さて太子流は、軍法の他に、剣・薙刀・長太刀・入身を得意とし、その祖は、望月相模守(もちづきさがみのかみ)定朝(さだとも)と言われているが定かでない。相模守定朝はなぞの多い人物で、一説には甚八郎重氏(じんぱちろう‐しげうじ)ともいわれる。

 相模守定朝は伝説によれば、清和天皇第四皇子貞元親王の子・滋野幸恒の第三子・三郎重俊の裔孫(えいそん)で、信州望月の人で布尾山城主で六万石の大名であったと言われる。
 望月相模守定朝は、夢の中で聖徳太子を見た。そして聖徳太子の軍要を、この夢の中で悟り、奥旨・奥儀を得たとされている。まさに伝説めいた起源である。

 本来、聖徳太子は内外の学問に通じ、深く仏教に帰依(きえ)した人物として広く知られている。推古天皇の即位とともに皇太子となり、摂政として政治を行い、冠位十二階・憲法十七条を制定、遣隋使(けんずいし)を派遣、また仏教興隆に力を尽し、多くの寺院を建立、「三経義疏(さんぎよう‐ぎしよ)」を著すと伝えられている。そして、その他に軍法にも卓(すぐ)ぐれた一面をもっていて、『上宮聖徳法王帝説』にはその一部が記されている。

 相模守定朝はこうした事を、夢の中で聖徳太子に教えられ、太子の「太子」から「太子流」と名乗ったとされる。後に、相模守定朝は太子流をもって甲斐武田家に仕え、屡々(しばしば)奇襲戦法などを用いて、軍功を立てたと言われる。
 また、相模守定朝は楠木正成(くすのきまさしげ)の軍略の流れを受けると言う。
 楠木正成(1294〜1336)は「楠木流軍学」の宗家であり、千早城攻防戦は楠木流の軍法の采配するところが多い。

 楠木正成は、南北朝時代の武将で、河内の土豪であった。1331年(元弘元年)後醍醐天皇に応じて兵を挙げ、千早城に籠(こも)って幕府の大軍と戦い、建武政権下で河内の国司と守護を兼ね、和泉の守護ともなった。大阪府南河内郡千早赤阪村の金剛山の中腹にあった千早城は、坂路極めて険峻(けんしゅん)であり、守るに易く攻めるに難なる城であった。
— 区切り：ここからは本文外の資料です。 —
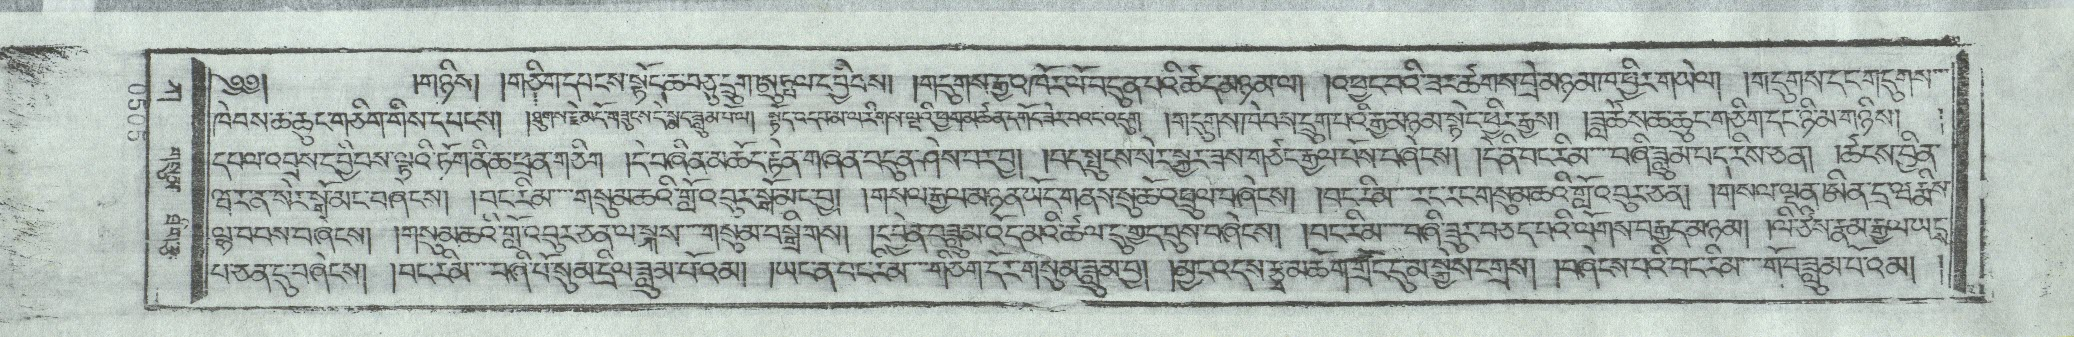༄༅། །གཉིས། །གཅིག་དཔངས་སྟོད་ཆ་བཅུ་དྲུག་ཨུཏྤལ་དབྱིབས། །གདུགས་རྒྱ་འཁོར་ལོ་བདུན་པའི་ཚད་མཉམ་ལ། །འཕྱུང་བའི་ཟར་ཚགས་བྲེ་མཉམ་ཁ་ཕྱིར་གཡེལ། །གདུགས་དང་གདུགས་
ཁེབས་ཆ་ཆུང་གཅིག་གིས་དཔངས། །ཐུགས་རྗེ་མདོ་གཟུངས་དེ་སྨད་ཟླུམ་པོ་ལ?། སྟོང་འདབ་མ་ལ་མིག་ལྔའི་ཕྱག་མཚན་དགོང་ཟེར་???། གདུགས་ཁེབས་དྲུག་པའི་རྒྱ་མཉམ་སྟེང་ཕྱེར་རྒྱས། །ཟླ་ཚེས་ཆ་ཆུང་གཅིག་དང་ཉི་མ་གཉིས་
དཔལ་འབྲས་དབྱིབས་ལྟའི་ཏོག་ནི་ཆ་ཕྲན་གཅིག །དེ་བཞིན་མཆོད་རྟེན་གཞན་བདུན་ཤེས་བར་བྱ། །པང་སྤུངས་སེར་སྐྱར་ཟས་གཙང་རྒྱལ་པོས་བཞེངས། །དེ་ནི་བང་རིམ་བཞི་ཟླུམ་པད་རིས་ཅན། །ཚངས་བྱིན་
ཝ་ར་ན་སེར་སྒོ་མང་བཞེངས། །བང་རིམ་གསུམ་ཆའི་གློ་འབུར་སྒོ་མང་བྱ། །གསལ་རྒྱལ་མཉན་ཡོད་གནས་སུ་ཆོ་འཕྲུལ་བཞེངས། །བང་རིམ་རང་རང་གསུམ་ཆའི་གློ་འབུར་ཅན། །གསལ་ལྡན་ཨིན་དྲ་ལྔ་རྨིས་
ལྷ་བབས་བཞེངས། །གསུམ་ཆའི་གློ་འབུར་ཅན་ལ་སྐས་གསུམ་བ་སྒྲིགས། །དབྱེན་བཟུམ་འོད་མའི་ཚལ་དུ་གྱུད་བུས་བཞེང་། །བང་རིམ་བཟི་ཟུར་བཅད་པའི་ལོགས་བརྒྱད་མཉམ། །ལི་ཅི་རྣམས་རྒྱལ་ཡངས་
བ་ཅན་དུ་བཞེངས། །བང་རིམ་བཞི་པོ་སུམ་དྲིལ་ཟླུམ་པོ་འམ། །ཡང་ན་བང་རིམ་གཅིག་དོར་གསུམ་ཟླུམ་བྱ། །མྱང་འདས་རྩྭ་མཆོག་གྲོང་དུ་མ་སྐྱེས་དགྲས། །བཞེངས་པའི་བང་རིམ་གོབ་ཟླུམ་པོ་འམ། །

この地の利を、能く知り抜き、縦横に駆使したのが楠木正成であった。
 1333年(元弘三年)楠木正成は千早城に籠城(ろうじょう)した。そして多勢に無勢の北条氏の軍を防いだのであった。しかし1392年(明徳三年)楠木正勝の時に落城する。

 後に楠木正成は、九州から東上した足利尊氏の軍と戦い、湊川(みなとがわ)で敗死した。後世、正成は「大楠公(だいなんこう)」と言われるようになった。こうした大楠公の道統を、相模守定朝は継ぐと言うのである。そして相模守定朝は、長篠(ながしの)の合戦(1575年(天正三年)織田信長と徳川家康の連合軍が、新兵器の鉄砲を使用して武田勝頼を破った激戦。これにより武田家は滅亡に向かう)によって、天正三年五月二十一日に戦死したと言う。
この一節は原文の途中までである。